OBS MIRD Research Cloud

Partial outage from 2:16 PM to 5:31 PM, Under maintenance from 5:31 PM to 5:34 PM

OBS SecuRA Runtime Environment

Degraded performance from 2:16 PM to 5:31 PM, Under maintenance from 5:31 PM to 5:34 PM

OBS SecuRA Encryption APIs

Partial outage from 2:16 PM to 5:31 PM, Under maintenance from 5:31 PM to 5:34 PM

Updates
  • Resolved
    Resolved

    Resolution of Issues Affecting OBS Pay, OBS Pay APIs, OBS SecuRA Runtime Environment, and Encryption APIs


    Summary of Resolution

    OBS Pay and OBS Pay APIs

    1. Issues Identified:

      • Degraded performance, including transaction delays and API timeouts.

    2. Resolution Steps:

      • Scaled up database and application server resources.

      • Applied temporary traffic throttling to stabilize performance.
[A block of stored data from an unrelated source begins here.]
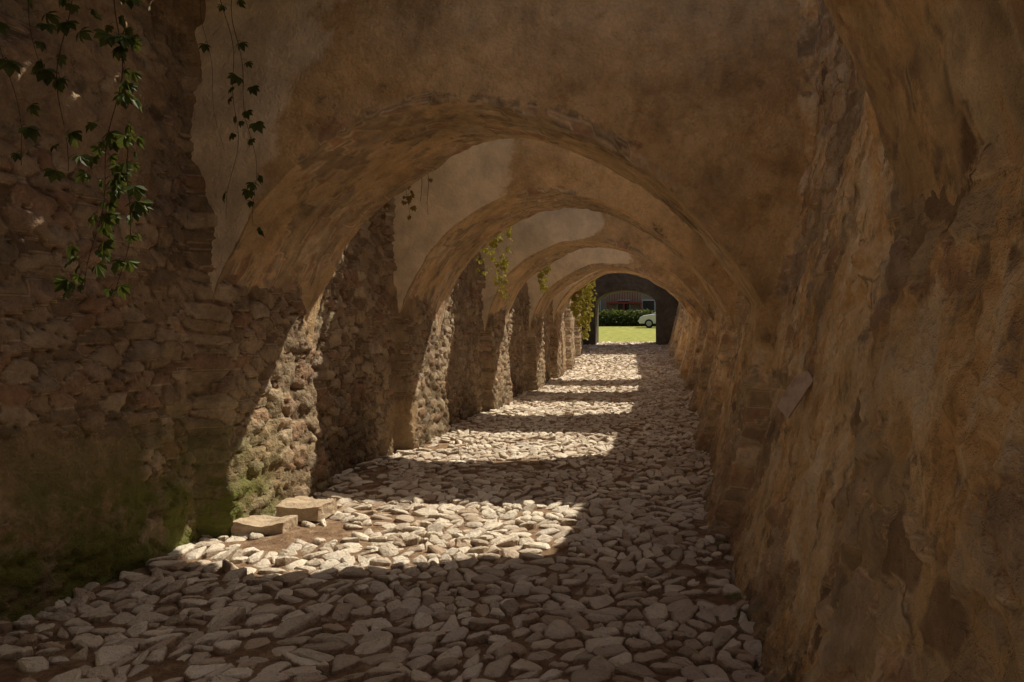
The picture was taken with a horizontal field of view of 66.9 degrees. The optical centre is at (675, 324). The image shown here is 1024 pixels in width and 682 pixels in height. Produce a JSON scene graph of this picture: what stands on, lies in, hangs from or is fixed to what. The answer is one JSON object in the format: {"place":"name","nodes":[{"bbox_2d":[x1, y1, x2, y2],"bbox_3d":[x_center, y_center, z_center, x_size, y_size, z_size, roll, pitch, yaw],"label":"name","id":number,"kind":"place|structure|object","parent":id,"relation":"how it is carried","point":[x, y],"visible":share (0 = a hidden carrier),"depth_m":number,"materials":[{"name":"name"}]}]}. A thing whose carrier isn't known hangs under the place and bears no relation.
{"place":"outdoors","nodes":[
{"label":"outdoors","id":0,"kind":"place"},
{"bbox_2d":[0,326,760,681],"bbox_3d":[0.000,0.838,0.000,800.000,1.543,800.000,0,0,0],"label":"ground","id":1,"kind":"structure","parent":0,"point":[30,666],"depth_m":4.26,"materials":[{"name":"brown soil"}]},
{"bbox_2d":[231,513,296,536],"bbox_3d":[-3.188,1.551,5.819,0.391,0.128,0.302,3,1,-9],"label":"stone block","id":2,"kind":"object","parent":1,"relation":"on","point":[256,524],"depth_m":5.71,"materials":[{"name":"beige stone"}]},
{"bbox_2d":[0,0,582,621],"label":"rubble stone wall","id":3,"kind":"structure","parent":1,"relation":"on","point":[176,414],"depth_m":5.24,"materials":[{"name":"brown stone"}]},
{"bbox_2d":[389,164,438,231],"bbox_3d":[-3.194,-1.968,8.991,0.675,1.709,0.214,0,0,0],"label":"creeper vine","id":4,"kind":"object","parent":3,"relation":"attached to","point":[400,217],"visible":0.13,"depth_m":8.99,"materials":[{"name":"green plant"}]},
{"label":"overhanging shrubs","id":5,"kind":"object","parent":3,"relation":"attached to","visible":0},
{"bbox_2d":[0,0,152,313],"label":"creeper vine","id":6,"kind":"object","parent":5,"relation":"hanging from","point":[111,141],"visible":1,"depth_m":3.73,"materials":[{"name":"green plant"}]},
{"bbox_2d":[209,0,268,226],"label":"creeper vine","id":7,"kind":"object","parent":5,"relation":"hanging from","point":[233,144],"visible":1,"depth_m":5.33,"materials":[{"name":"green plant"}]},
{"bbox_2d":[599,308,655,325],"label":"hedge","id":8,"kind":"object","parent":1,"relation":"on","point":[627,317],"visible":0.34,"depth_m":60.86,"materials":[{"name":"green plant"}]},
{"bbox_2d":[600,292,655,325],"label":"walls","id":9,"kind":"structure","parent":1,"relation":"on","point":[641,297],"depth_m":66.00,"materials":[{"name":"grey wood"}]},
{"bbox_2d":[618,301,628,310],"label":"window glass","id":10,"kind":"object","parent":9,"relation":"in","point":[620,306],"visible":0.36,"depth_m":65.90,"materials":[{"name":"black glass"}]},
{"bbox_2d":[606,302,641,303],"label":"balcony floor","id":11,"kind":"structure","parent":9,"relation":"attached to","point":[623,302],"depth_m":64.80,"materials":[{"name":"red wood"}]},
{"bbox_2d":[642,300,654,309],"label":"window frame","id":12,"kind":"object","parent":9,"relation":"attached to","point":[648,300],"visible":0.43,"depth_m":65.92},
{"bbox_2d":[643,301,653,312],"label":"window glass","id":13,"kind":"object","parent":12,"relation":"in","point":[647,305],"visible":0.64,"depth_m":65.90,"materials":[{"name":"black glass"}]},
{"bbox_2d":[580,273,677,344],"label":"gateway wall","id":14,"kind":"structure","parent":1,"relation":"on","point":[666,302],"depth_m":34.00,"materials":[{"name":"stone"}]},
{"bbox_2d":[638,311,655,327],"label":"parked car","id":15,"kind":"object","parent":1,"relation":"on","point":[649,321],"visible":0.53,"depth_m":56.14,"materials":[{"name":"white paint"}]},
{"bbox_2d":[668,0,1023,681],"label":"rendered stone wall","id":16,"kind":"structure","parent":1,"relation":"on","point":[864,510],"depth_m":2.25,"materials":[{"name":"brown stone"}]},
{"bbox_2d":[185,0,808,356],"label":"stone arch","id":17,"kind":"structure","parent":16,"relation":"attached to","point":[691,114],"depth_m":5.60,"materials":[{"name":"brown stone"}]},
{"bbox_2d":[394,141,739,334],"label":"stone arch","id":18,"kind":"structure","parent":16,"relation":"attached to","point":[487,193],"depth_m":9.45,"materials":[{"name":"brown stone"}]},
{"bbox_2d":[481,208,717,327],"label":"stone arch","id":19,"kind":"structure","parent":16,"relation":"attached to","point":[535,244],"depth_m":13.76,"materials":[{"name":"brown stone"}]},
{"bbox_2d":[482,231,506,305],"bbox_3d":[-2.937,-1.503,12.107,0.625,2.429,0.356,0,0,0],"label":"creeper vine","id":20,"kind":"object","parent":19,"relation":"attached to","point":[493,254],"visible":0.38,"depth_m":12.06,"materials":[{"name":"green plant"}]},
{"bbox_2d":[528,248,706,329],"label":"stone arch","id":21,"kind":"structure","parent":16,"relation":"attached to","point":[569,269],"depth_m":18.11,"materials":[{"name":"brown stone"}]},
{"bbox_2d":[538,265,554,288],"bbox_3d":[-2.937,-1.712,16.603,0.560,1.857,0.328,0,0,0],"label":"creeper vine","id":22,"kind":"object","parent":21,"relation":"attached to","point":[548,278],"visible":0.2,"depth_m":16.62,"materials":[{"name":"green plant"}]},
{"bbox_2d":[553,269,695,319],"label":"stone arch","id":23,"kind":"structure","parent":16,"relation":"attached to","point":[563,298],"depth_m":22.21,"materials":[{"name":"brown stone"}]},
{"bbox_2d":[568,279,598,339],"bbox_3d":[-2.994,-1.160,24.414,0.890,3.377,2.142,0,0,7],"label":"ivy curtain","id":24,"kind":"object","parent":23,"relation":"hanging from","point":[583,303],"visible":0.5,"depth_m":24.29,"materials":[{"name":"green plant"}]},
{"bbox_2d":[777,371,812,417],"bbox_3d":[0.639,0.361,4.022,0.100,0.270,0.026,39,13,31],"label":"stone","id":25,"kind":"object","parent":16,"relation":"attached to","point":[800,385],"visible":0.88,"depth_m":4.01,"materials":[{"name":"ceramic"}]},
{"bbox_2d":[830,0,1023,228],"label":"stone arch","id":26,"kind":"structure","parent":16,"relation":"attached to","point":[944,80],"depth_m":1.86,"materials":[{"name":"brown stone"}]},
{"bbox_2d":[0,341,764,681],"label":"cobblestone paving","id":27,"kind":"structure","parent":0,"point":[606,387],"depth_m":4.78,"materials":[{"name":"stone"}]},
{"bbox_2d":[276,495,339,523],"bbox_3d":[-3.049,1.520,6.202,0.404,0.163,0.337,3,3,6],"label":"stone block","id":28,"kind":"object","parent":27,"relation":"on","point":[310,508],"depth_m":6.13,"materials":[{"name":"beige stone"}]}
]}

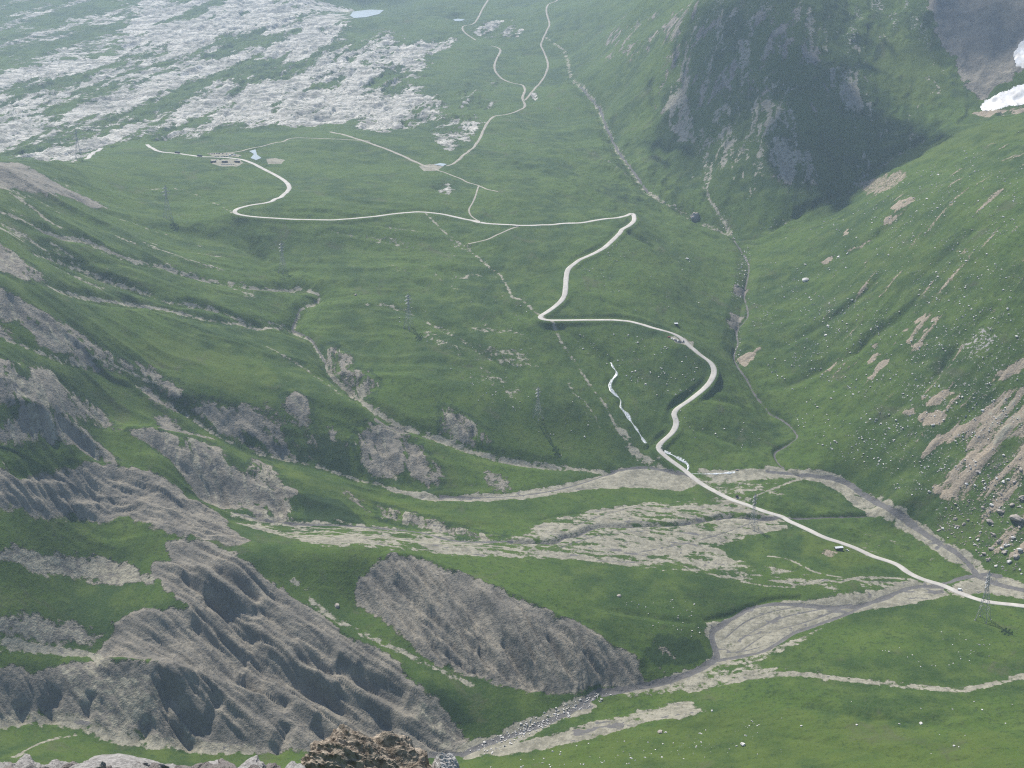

      • Implemented enhanced monitoring to detect future spikes in real time.

    3. Status:

      • Services restored and stable as of 11:00 AM UTC.

    OBS SecuRA Runtime Environment and Encryption APIs

    1. Issues Identified:

      • Partial outage with approximately 40% of encryption and decryption requests failing.

    2. Resolution Steps:

      • Replaced and restarted the failed service node.

      • Rerouted traffic to healthy nodes.

      • Increased monitoring granularity for critical nodes.

    3. Status:

      • Full service restoration achieved at 1:00 PM UTC.


    Impact Summary

    1. OBS Pay and APIs:

      • Approximately 25,000 transactions delayed or failed globally during the incident.

      • No data loss or security impact.

    2. OBS SecuRA Services:

      • Affected approximately 40% of encryption requests for a subset of users.

      • No data compromise occurred; the issue was limited to availability.


    Next Steps

    1. Conduct a detailed post-incident review and publish findings by January 26, 2025.

    2. Enhance auto-scaling and failover mechanisms across all affected systems.

    3. Perform stress testing to ensure systems handle peak loads without service degradation.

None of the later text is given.